We classified people as "conservative" (if they stuck with their prior beliefs regardless of the information), "convergent" (if they changed their beliefs in a way consistent with the scientific information), or "divergent" (if they changed their beliefs in a way inconsistent with the scientific information). 

We then explored the factors that explained how people responded to the information.  As it turns out, one of the most important factors determining how you respond to information is your prior belief.  If your priors were that GMOs were safe to eat and that global warming was occurring, you were more likely to find the information credible and respond in a "rational" (or Bayesian updating) way.  

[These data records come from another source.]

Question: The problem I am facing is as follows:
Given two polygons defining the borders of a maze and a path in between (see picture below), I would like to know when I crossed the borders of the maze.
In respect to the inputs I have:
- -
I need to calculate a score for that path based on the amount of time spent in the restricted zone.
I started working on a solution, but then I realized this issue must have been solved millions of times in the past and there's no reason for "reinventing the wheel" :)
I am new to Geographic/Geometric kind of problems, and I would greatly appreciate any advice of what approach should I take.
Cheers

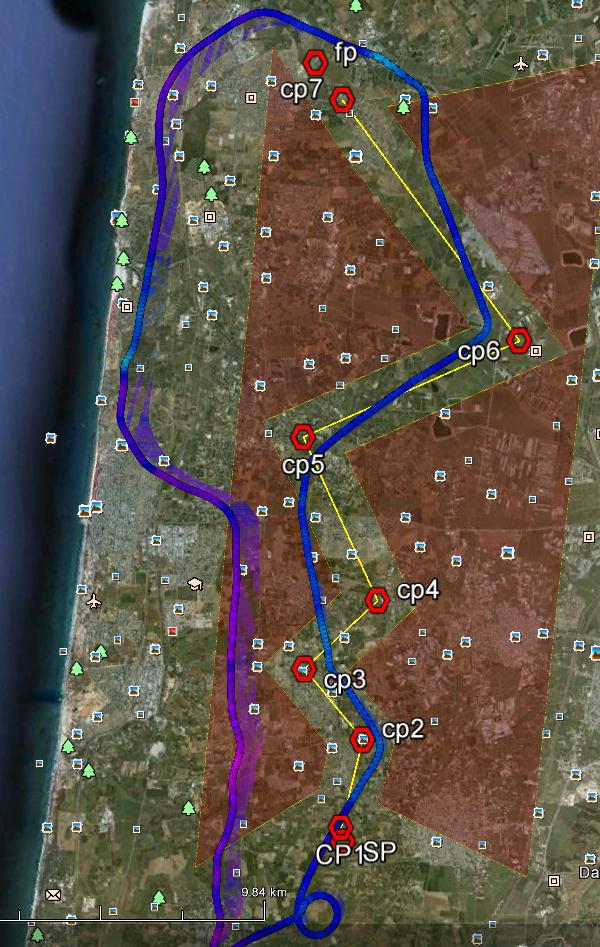
Answer: This is a <URL>
1. Build a list of polygons from "One file defining edges of the two polygons (only the points that connect straight lines)"
2. Apply point_in_polygon() (perl implementation, your favorite) for each "waypoints I had visited"
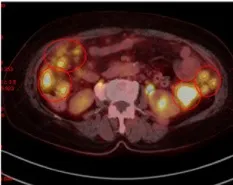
Positron emission tomography. (B-D) Multiple nodular shadows in the abdominopelvic cavity and greater omentum, inhomogeneous thickening of the local peritoneum adjacent to the left colon.
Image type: radiology (pet)

Here are a couple graphs from the paper illustrating that result (where believers already tended to believe the information contained in the scientific statements and deniers did not).  As the results below show, the "deniers" were more likely to be "divergent" - that is, the provision scientific information caused them to be more likely to believe the opposite of the message conveyed in the scientific information.  

We also explored a host of other psychological factors that influenced how people responded to scientific information.  Here's the abstract:

The ability of scientific knowledge to contribute to public debate about societal risks depends on how the public assimilates information resulting from the scientific community. Bayesian decision theory assumes that people update a belief by allocating weights to a prior belief and new information to form a posterior belief. The purpose of this study was to determine the effects of prior beliefs on assimilation of scientific information and test several hypotheses about the manner in which people process scientific information on genetically modified food and global warming. Results indicated that assimilation of information is dependent on prior beliefs and that the failure to converge a posterior belief to information is a result of several factors including: misinterpreting information, illusionary correlations, selectively scrutinizing information, information-processing problems, knowledge, political affiliation, and cognitive function.

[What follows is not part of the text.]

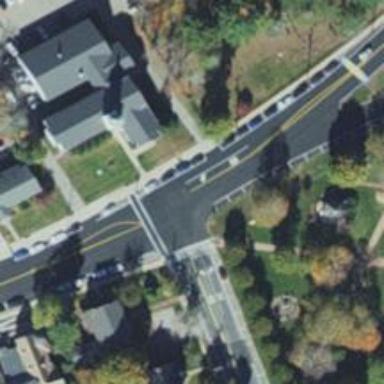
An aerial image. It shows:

An excerpt from the conclusions:

Participants who misinterpreted the information provided did not converge posterior beliefs to the information. Rabin and Schrag (1999) asserted that people suffering from confirmation bias misinterpret evidence to conform to a prior belief. The results here confirmed that people who misinterpreted information did indeed exhibit confirmation, as well as people who conserved a prior belief. This is more evidence that assuming optimal Bayesian updating may only be appropriate when new information is somewhat aligned with a prior belief.